> _Task details_: Reproduce the listing exactly. Omit pictures.
** Opening Provided records block **
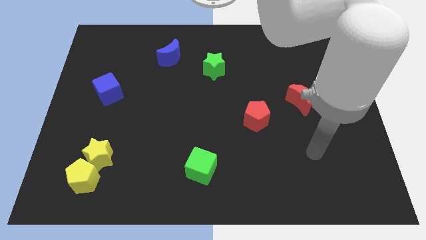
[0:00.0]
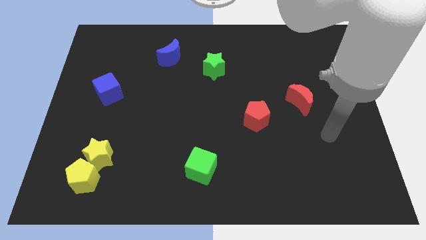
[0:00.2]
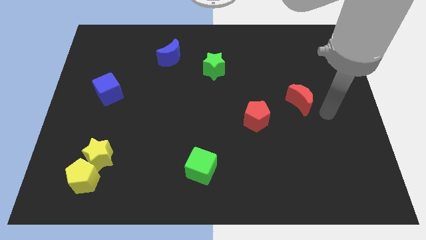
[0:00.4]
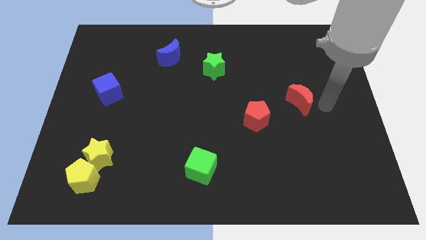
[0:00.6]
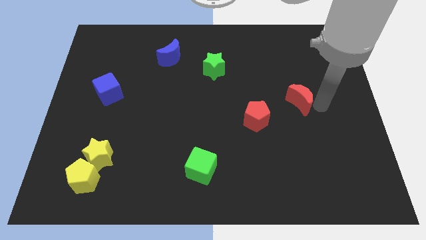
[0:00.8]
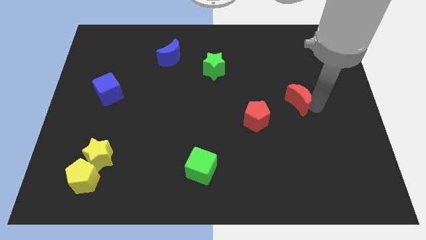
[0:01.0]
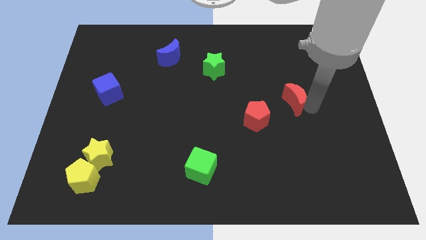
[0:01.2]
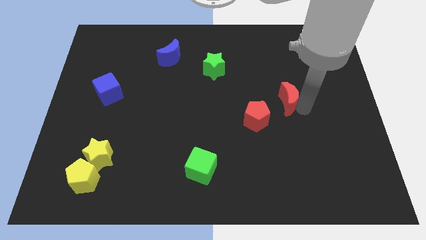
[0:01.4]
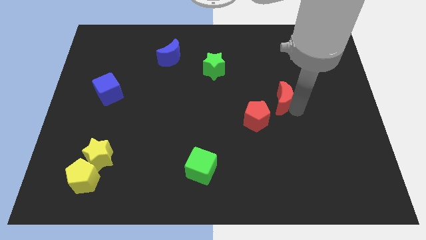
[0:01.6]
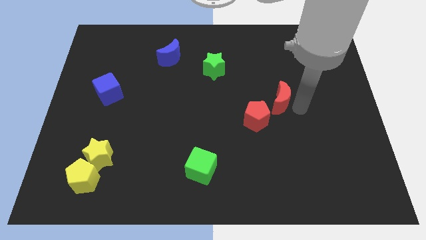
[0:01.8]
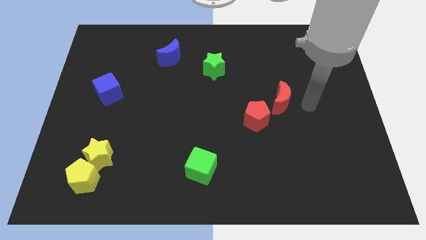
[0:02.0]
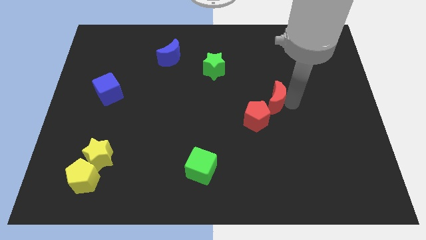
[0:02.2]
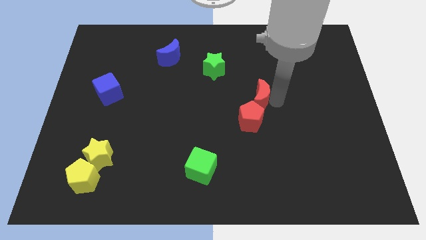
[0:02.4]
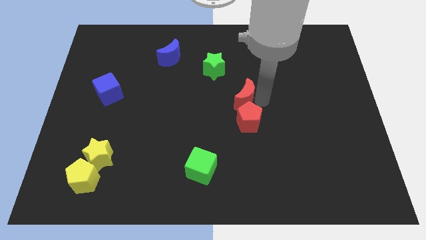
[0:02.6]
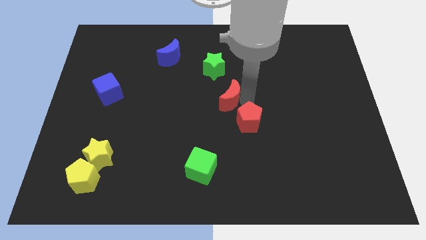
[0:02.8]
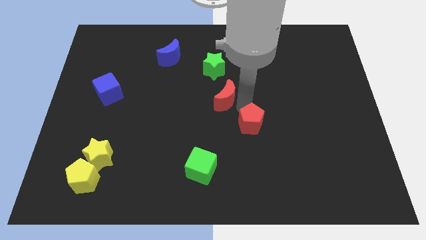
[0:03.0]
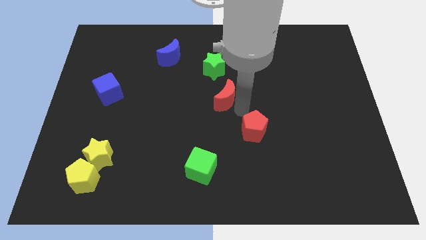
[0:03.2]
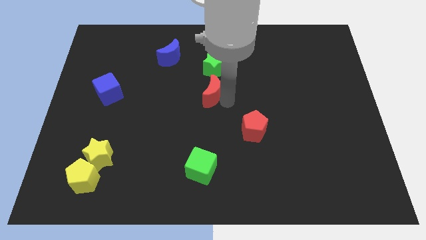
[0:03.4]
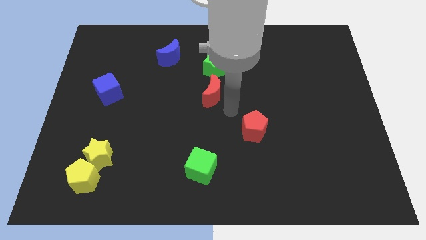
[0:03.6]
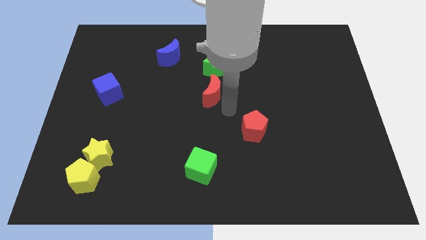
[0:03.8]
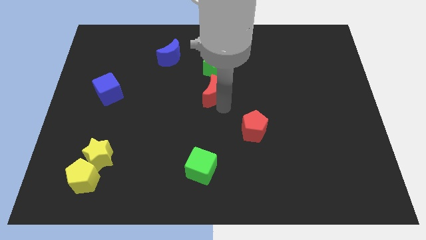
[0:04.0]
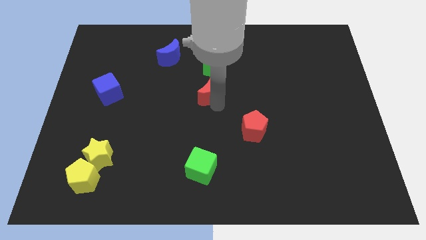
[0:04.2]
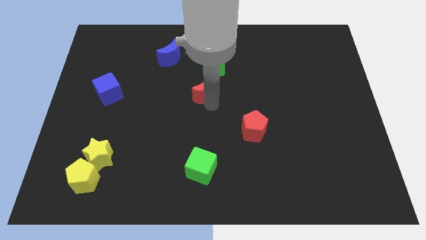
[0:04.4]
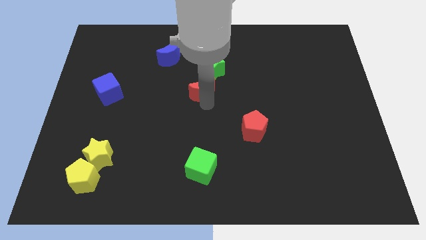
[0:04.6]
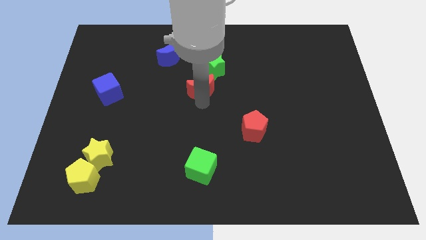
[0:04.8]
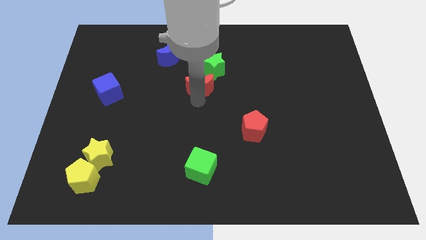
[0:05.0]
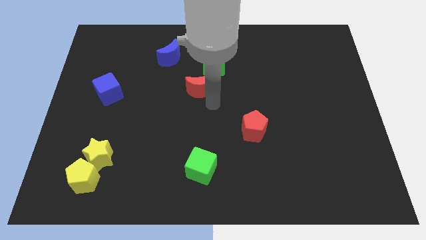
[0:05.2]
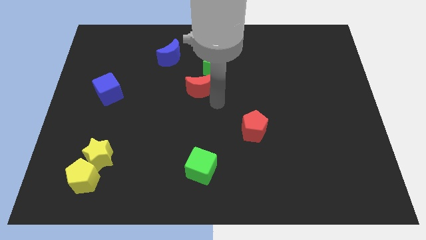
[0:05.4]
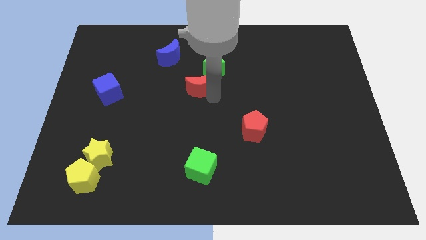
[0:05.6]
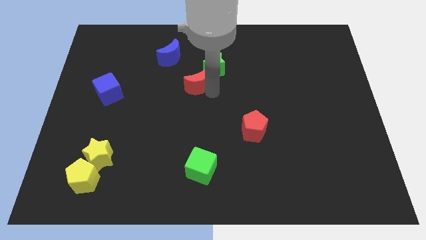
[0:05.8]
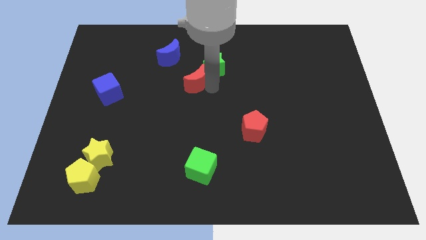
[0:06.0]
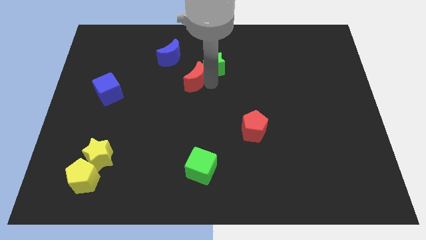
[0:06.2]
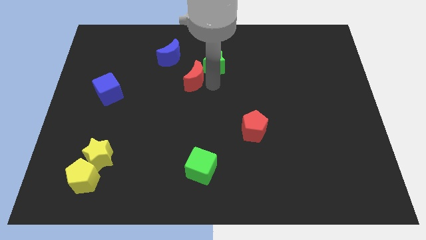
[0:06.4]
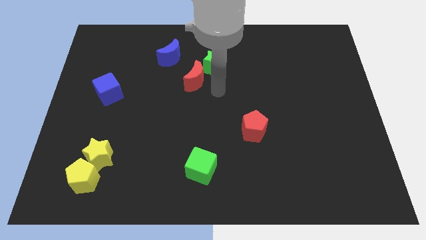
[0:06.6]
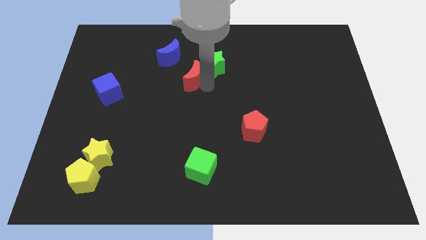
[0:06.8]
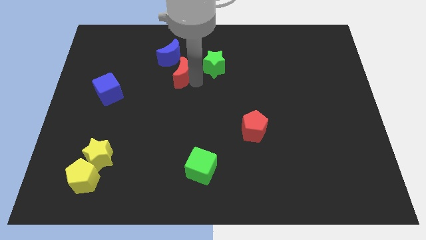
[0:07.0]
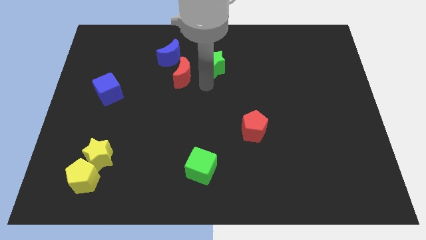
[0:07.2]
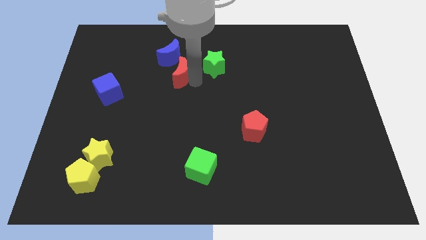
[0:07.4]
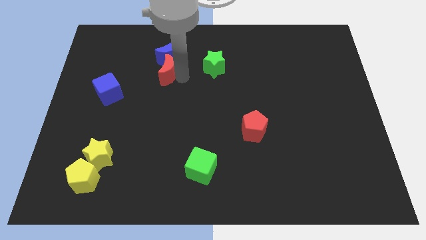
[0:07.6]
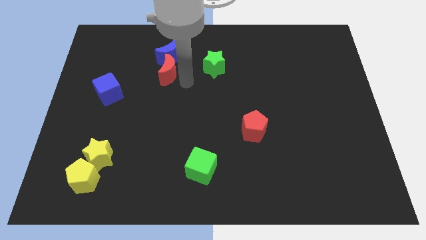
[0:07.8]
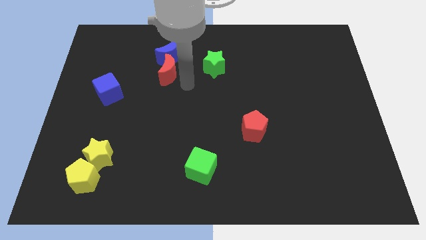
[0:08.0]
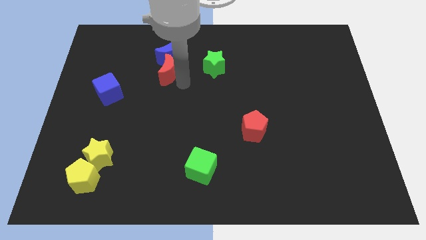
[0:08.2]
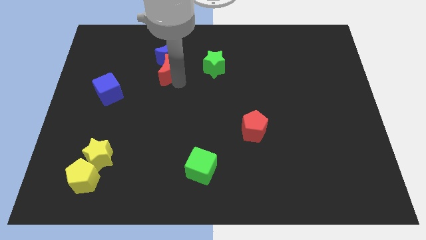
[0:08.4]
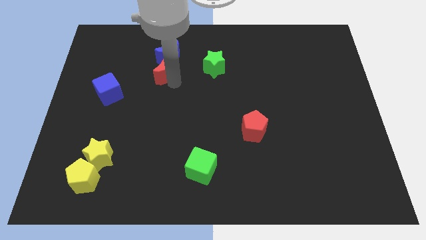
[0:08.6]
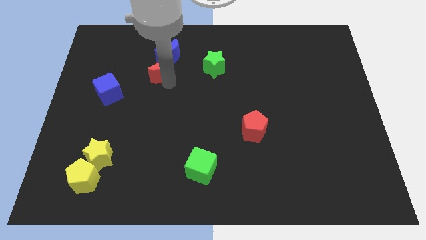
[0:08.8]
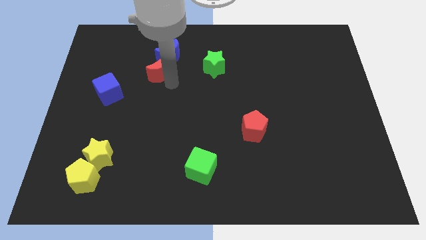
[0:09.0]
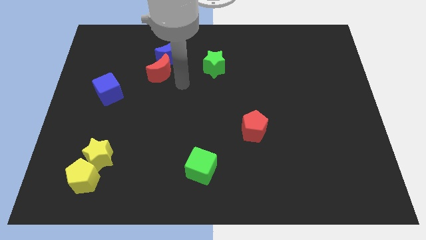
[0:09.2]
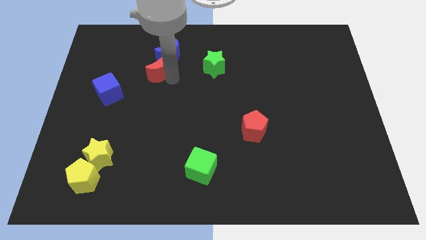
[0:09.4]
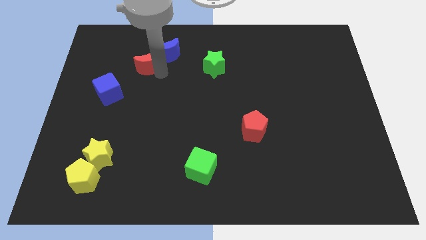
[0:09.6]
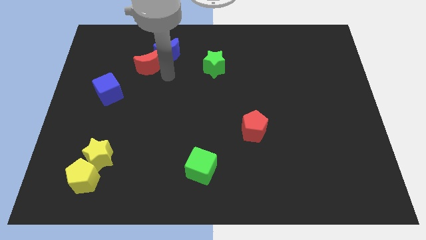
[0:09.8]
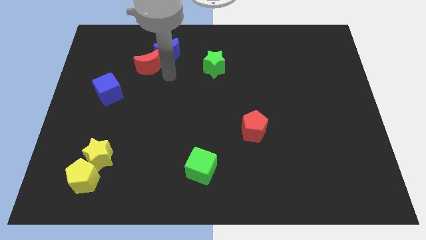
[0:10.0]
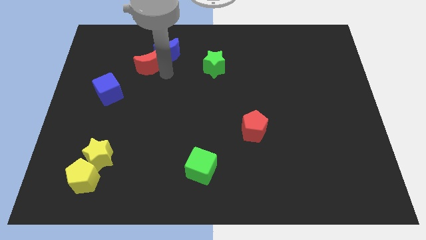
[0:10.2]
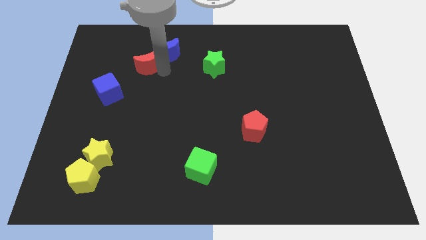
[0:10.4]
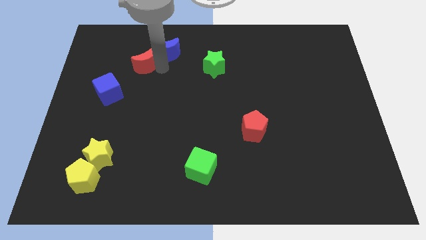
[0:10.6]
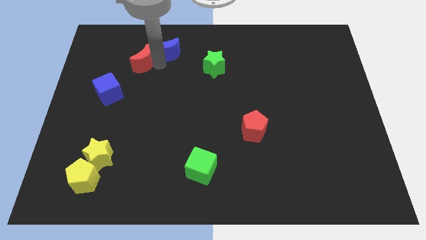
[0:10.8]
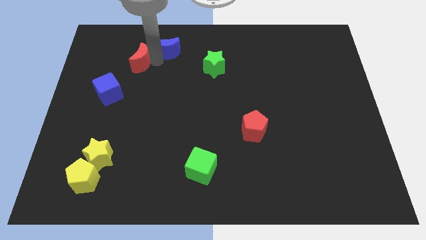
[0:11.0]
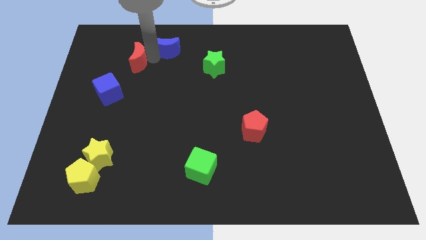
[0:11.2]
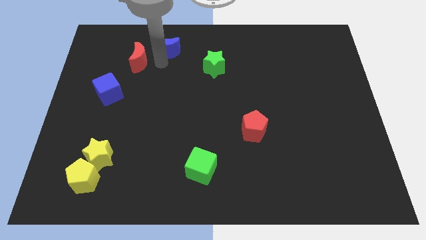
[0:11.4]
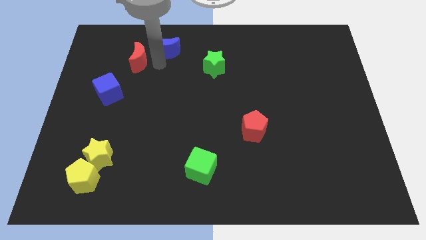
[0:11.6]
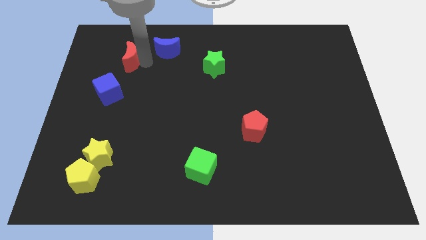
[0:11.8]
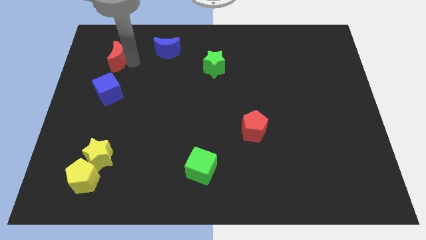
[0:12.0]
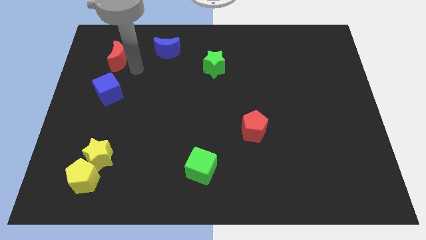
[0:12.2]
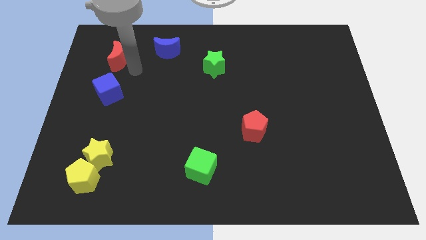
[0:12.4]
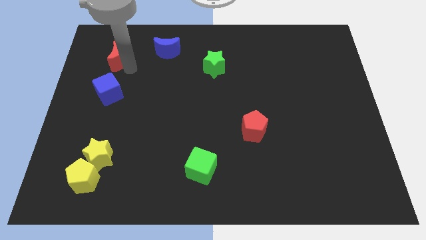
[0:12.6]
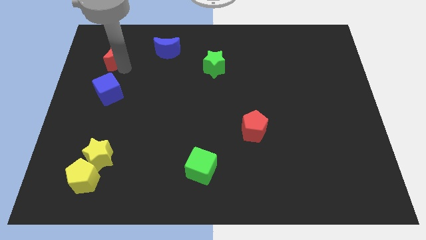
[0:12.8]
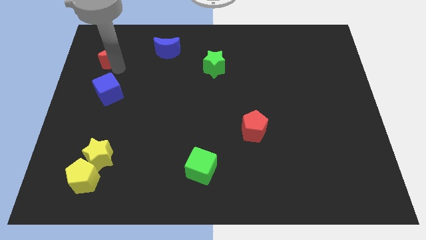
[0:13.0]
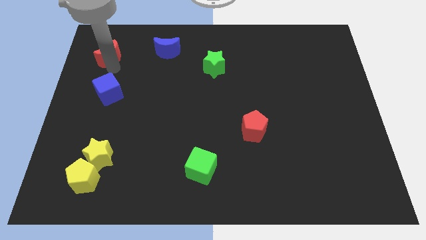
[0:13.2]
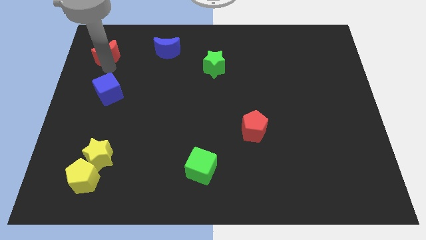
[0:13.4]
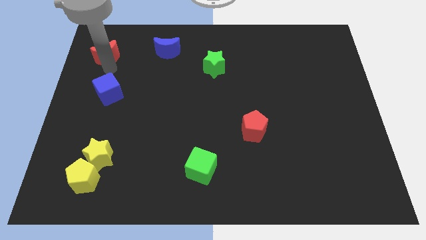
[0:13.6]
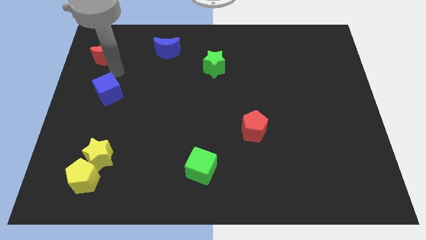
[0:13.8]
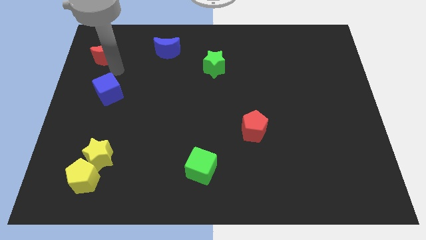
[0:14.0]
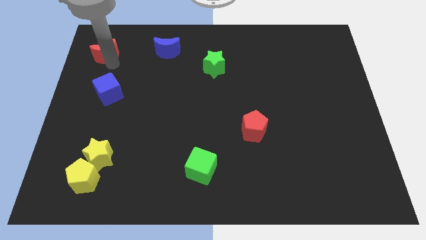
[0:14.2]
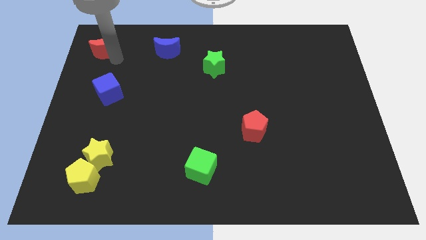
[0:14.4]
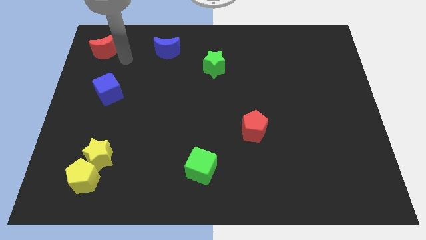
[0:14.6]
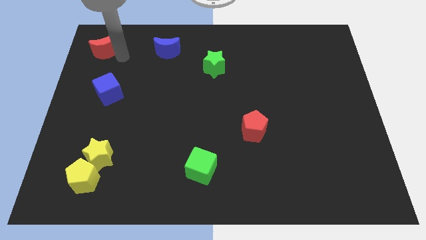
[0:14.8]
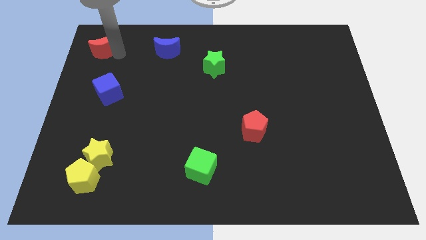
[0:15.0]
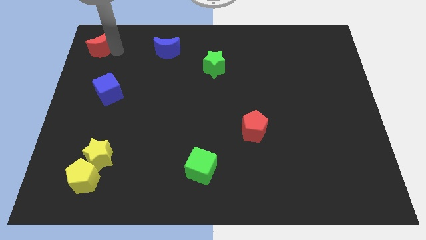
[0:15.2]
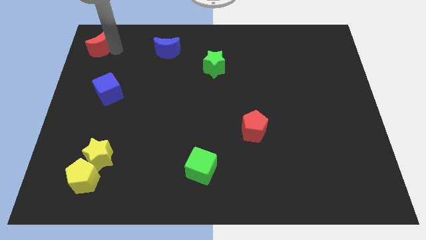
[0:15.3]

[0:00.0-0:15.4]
push the red moon to the top left corner
** Closing Provided records block **
> _Answer below_:
[0:00.0]
[0:00.2]
[0:00.4]
[0:00.6]
[0:00.8]
[0:01.0]
[0:01.2]
[0:01.4]
[0:01.6]
[0:01.8]
[0:02.0]
[0:02.2]
[0:02.4]
[0:02.6]
[0:02.8]
[0:03.0]
[0:03.2]
[0:03.4]
[0:03.6]
[0:03.8]
[0:04.0]
[0:04.2]
[0:04.4]
[0:04.6]
[0:04.8]
[0:05.0]
[0:05.2]
[0:05.4]
[0:05.6]
[0:05.8]
[0:06.0]
[0:06.2]
[0:06.4]
[0:06.6]
[0:06.8]
[0:07.0]
[0:07.2]
[0:07.4]
[0:07.6]
[0:07.8]
[0:08.0]
[0:08.2]
[0:08.4]
[0:08.6]
[0:08.8]
[0:09.0]
[0:09.2]
[0:09.4]
[0:09.6]
[0:09.8]
[0:10.0]
[0:10.2]
[0:10.4]
[0:10.6]
[0:10.8]
[0:11.0]
[0:11.2]
[0:11.4]
[0:11.6]
[0:11.8]
[0:12.0]
[0:12.2]
[0:12.4]
[0:12.6]
[0:12.8]
[0:13.0]
[0:13.2]
[0:13.4]
[0:13.6]
[0:13.8]
[0:14.0]
[0:14.2]
[0:14.4]
[0:14.6]
[0:14.8]
[0:15.0]
[0:15.2]
[0:15.3]

[0:00.0-0:15.4]
push the red moon to the top left corner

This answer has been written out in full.